‘When I have the advantage of truth on my side, well enough; but when I have not truth with me I can never make the worse cause appear the better.’
‘And how is that? Who is the judge?’
‘My wife.’
Ischomachus’ home, at least, is no doll’s-house. His wife is as far removed from the humble drudge with whom the ordinary Athenian was familiar as she is from the painted odalisque who to the Ionian was the ideal of the perfect woman.
X.—Aristophanes
The work of Aristophanes is a pendant to that of Euripides, and is often inspired by a much more serious purpose than is commonly supposed. Aristophanes is no mere vulgar buffoon, and most of his obscenity is an empty parade made necessary by the conditions of the Attic stage which Aristophanes himself in the course of his career rendered obsolete. He was a member of the Socratic Circle (the famous Symposium ends with Socrates expounding to Agathon and Aristophanes the nature of tragedy and comedy, and explaining the essential similarity of their functions), and in his early manhood he fell under the spell of the great tragedian. Of all his comedies there is hardly one which in language, music, and dramatic technique does not reveal the intimate harmony that exists between the two men. Aristophanes and Euripides, like our Shelley, were born to be lyric poets, and they both possess the divine gift of melody. But they were interested in so many other things, in politics, in feminism, and in social reform, that art with them often takes the second place. As men they are incomparably greater than such self-centred poets as Sophocles; as artists they neither aim at nor achieve his academic perfection. Their methods are curiously alike, and it is because Aristophanes knows Euripides so well, and is in such intimate sympathy with him, that the constant parody of the Euripidean style in the comedies never becomes wearisome.

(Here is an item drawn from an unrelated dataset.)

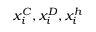
x _ { i } ^ { C } , x _ { i } ^ { D } , x _ { i } ^ { h }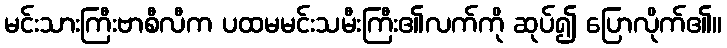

Parody, gross humour, indecency even, these were the qualities that a comic poet at Athens had necessarily to display, and Aristophanes, having chosen his medium of expression, is compelled to obey the restrictions of the comic stage. Moreover, it is obvious that he enjoys indulging his humour to the utmost. The wit of Euripides is restrained and ironical, with something of the bitterness of old age; Aristophanes in most of his plays has the exuberance of youthful spirits and an overflowing stock of fantastic inventions.
But a dramatist, even a comic dramatist, however fantastic and inventive his humour may be, must have some foundation of serious purpose, and that foundation Aristophanes takes very largely from Euripides. His three chief themes are the same as those of the tragedian: firstly, that war is a curse—it is useful perhaps for politicians and soldiers, but only brings disaster to real workers; secondly, that a belief in gods made in mortal shape is absurd—such a belief will certainly lead to farcical situations, which if treated realistically will be excellent material for a comic poet; thirdly, that women are as capable, intellectually and morally, as men—their experience of house-management especially fits them for carrying on the business of a State, and a feminist administration might solve many problems that have proved too hard for men. The first of these themes appears in the plot of the Acharnians, the Peace, and the Knights; the second in the Birds, the Frogs, and the Plutus; the feminist plays are the Women at the Festival, the Lysistrata, and the Women in Assembly.